Orang Amerika itu berujar, "Setelah itu Anda akan menikmati pensiun. Pindah ke suatu desa nelayan kecil dimana Anda bisa bermain-main dengan anak-anak di pantai, tidur siang dengan istri, berjalan-jalan ke desa setiap sore, bertandang ke rumah teman dan bermain gitar bersama mereka."
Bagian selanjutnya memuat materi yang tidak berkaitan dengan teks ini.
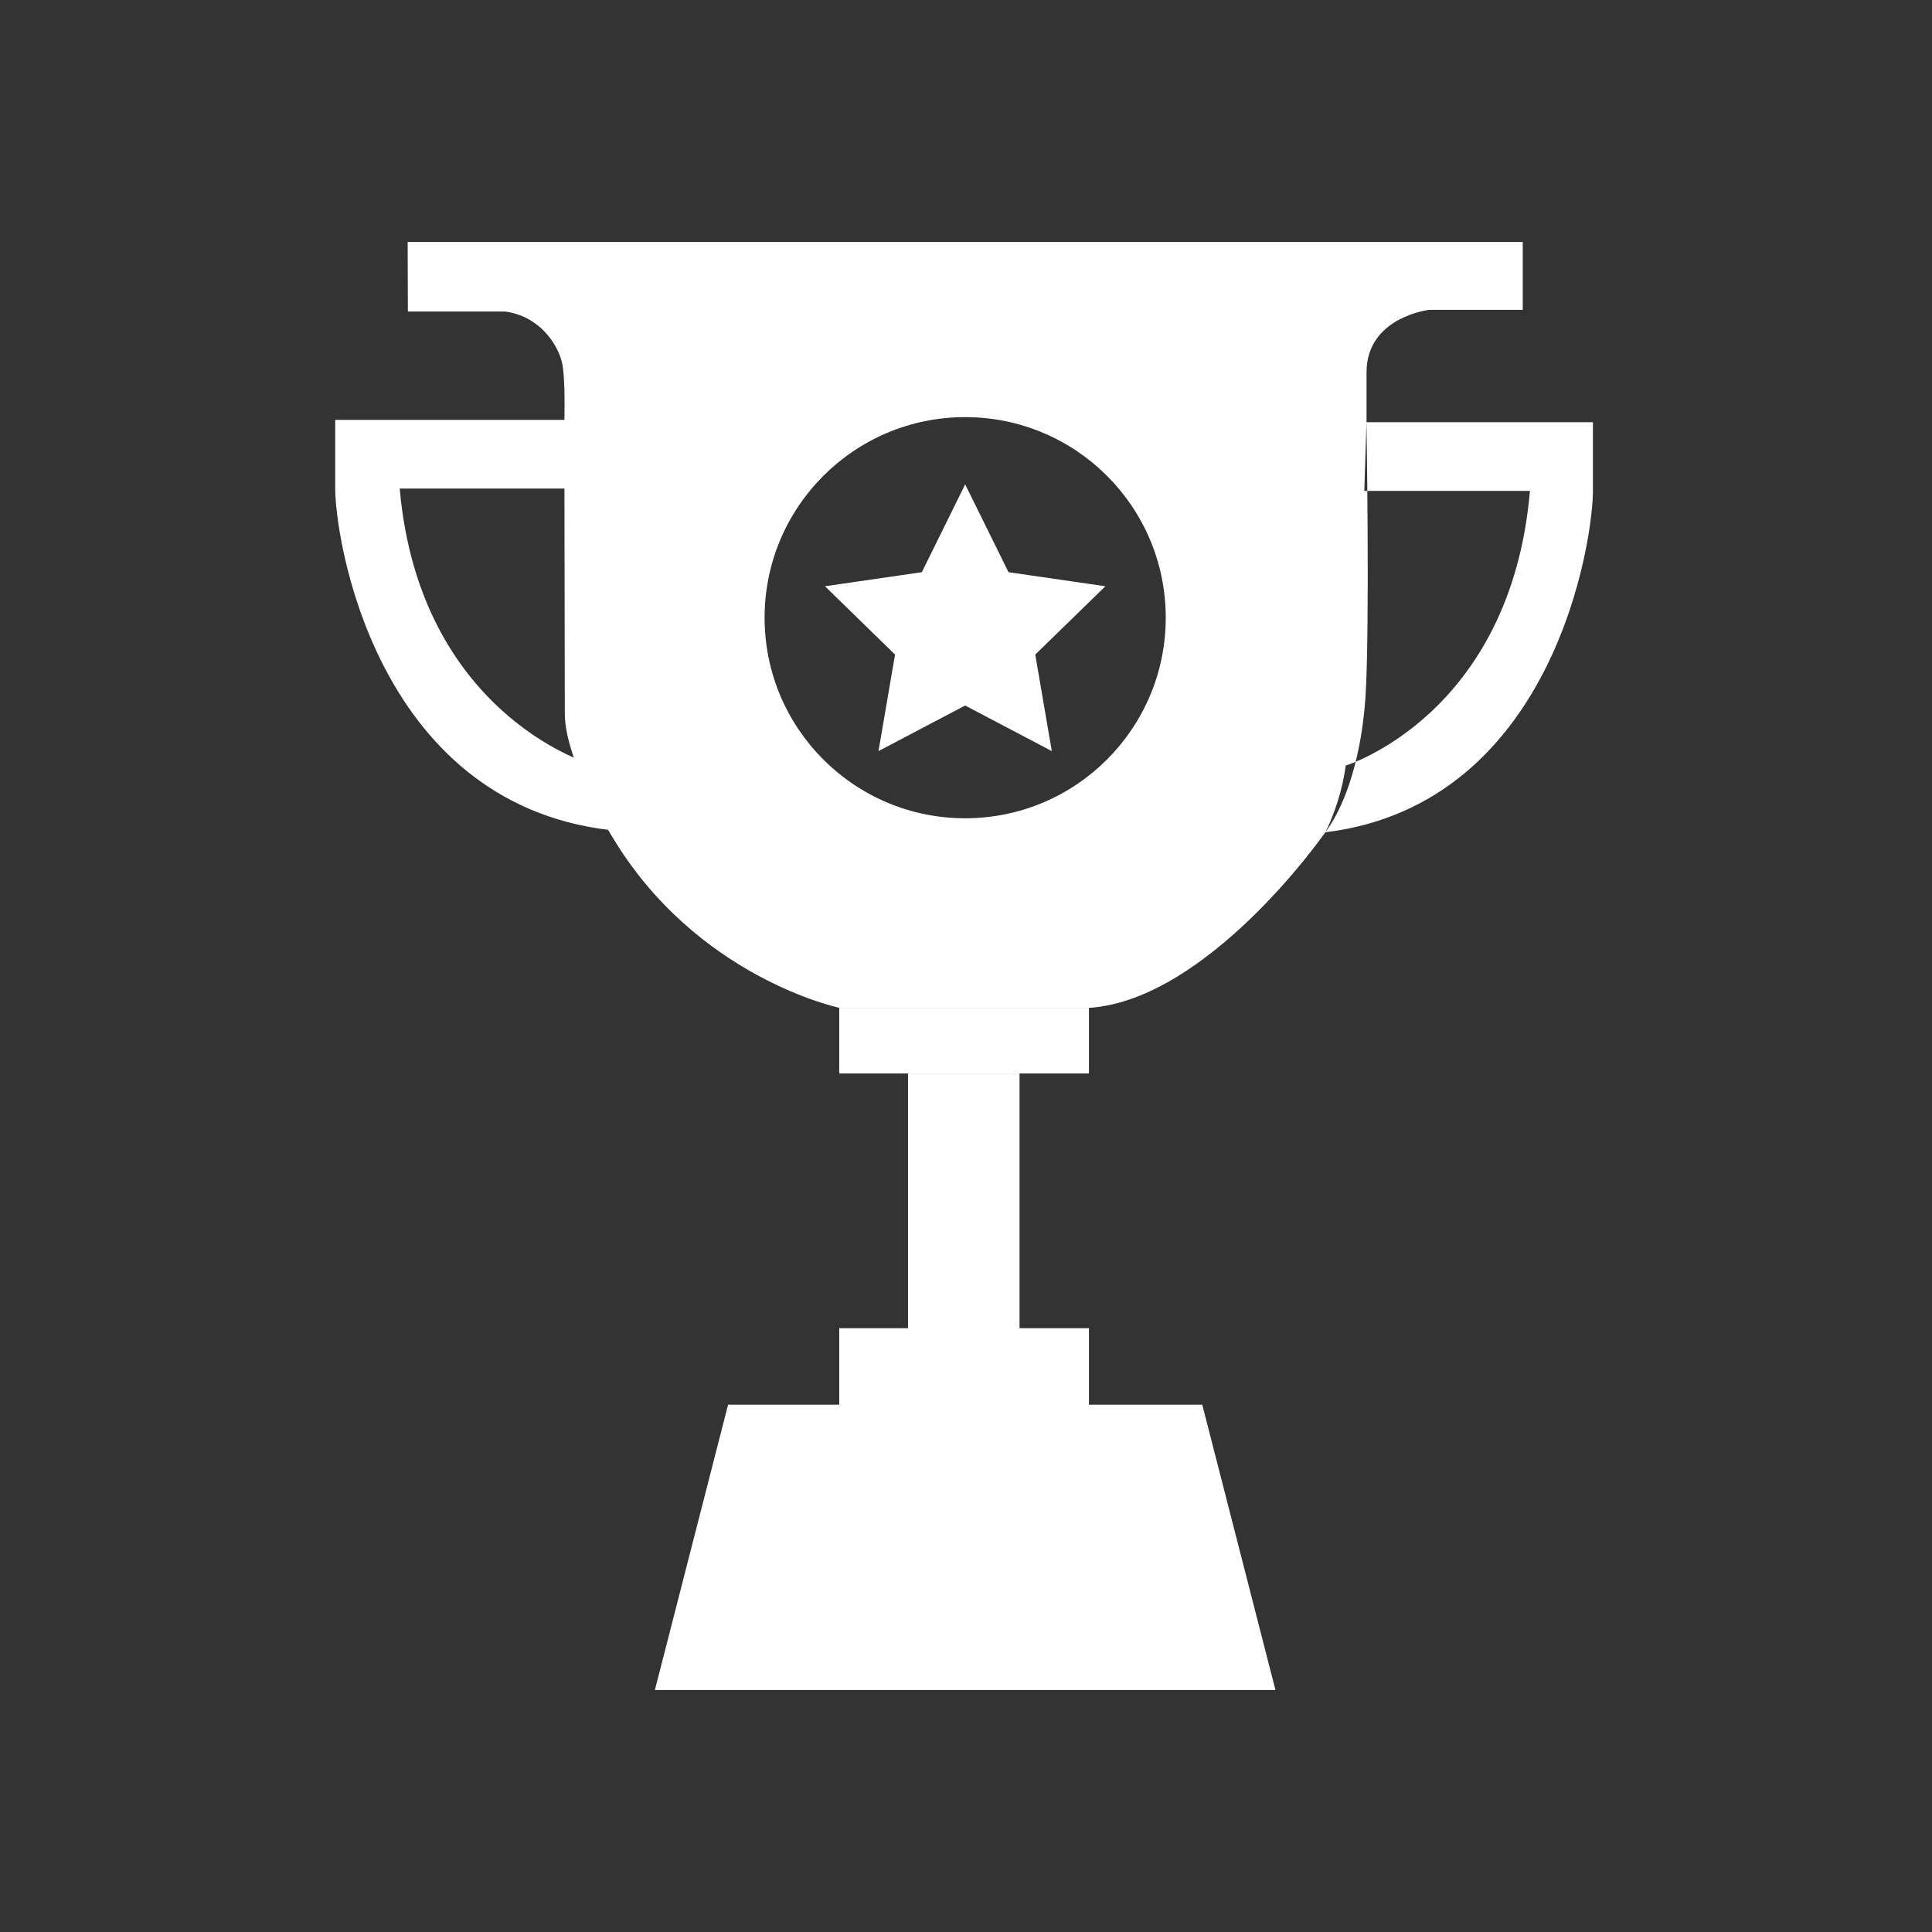 <svg t="1761227790234" class="icon" viewBox="0 0 1024 1024" version="1.1" xmlns="http://www.w3.org/2000/svg" p-id="5418" width="128" height="128"><rect x="0" y="0" width="1024" height="1024" fill="#333333" stroke="none"/><path d="M481.271 568.989l59.106 0 0 134.986-59.106 0L481.271 568.989zM724.267 223.771l82.789 0 37.228 0c0 0 0 30.566 0 34.678 0.66 26.043-19.986 167.741-141.784 182.681 0 0 8.28-15.977 10.748-35.363 0 0 87.424-26.779 97.648-145.591l-87.779 0L724.267 223.771zM300.535 222.537 215.772 222.537 177.667 222.537c0 0 0 30.566 0 34.678-0.66 26.043 20.479 167.741 145.155 182.681 0 0-8.472-15.977-10.991-35.363 0 0-89.505-26.779-99.978-145.591l89.861 0L300.535 222.537zM444.812 534.123l132.351 0 0 34.84-132.351 0L444.812 534.123zM444.812 703.975l132.351 0 0 40.546-132.351 0L444.812 703.975zM347.108 895.733l38.79-151.211 251.33 0 38.791 151.211L347.108 895.733zM216.071 128.264l0.111 36.871 51.649 0c17.733 2.407 27.358 16.637 29.932 26.561 2.086 7.92 1.345 32.678 1.345 32.678l0.248 153.704c0 25.032 24.672 64.645 24.672 64.645 44.658 75.439 120.782 91.423 120.782 91.423l133.26 0c62.28-4.934 122.675-90.712 122.675-90.712 16.586-20.834 21.708-54.467 22.972-73.794 2.329-35.723 0.574-143.129 0.574-143.129s0 0 0-29.195c0-29.196 33.089-33.089 33.089-33.089l49.7 0 0-35.964L216.071 128.264zM511.563 433.703c-58.716 0-106.309-47.588-106.309-106.309s47.593-106.309 106.309-106.309c58.721 0 106.309 47.588 106.309 106.309C617.847 386.115 570.258 433.703 511.563 433.703zM511.563 256.723l22.972 46.547 51.349 7.457-37.176 36.212 8.772 51.152-45.918-24.15-45.943 24.15 8.773-51.152-37.145-36.212 51.345-7.457L511.563 256.723z" fill="#fff" p-id="5419"></path></svg>

Ah, jika begitu, untuk apa menghabiskan sebagian besar umur kita untuk bersusah-payah mencari uang jika pada akhirnya kebahagiaan hidup sudah bisa diperoleh saat bermain-main dengan anak-anak di pantai, tidur siang dengan istri, berjalan-jalan ke desa setiap sore, bertandang ke rumah teman dan bermain gitar bersama mereka ? Kehidupan macam apa lagi yang harus dicari ?

Agak sudah juga menjawabnya karena masing-masing orang memiliki cara pandang tersendiri terhadap kehidupan. Tidak ada yang benar dan salah.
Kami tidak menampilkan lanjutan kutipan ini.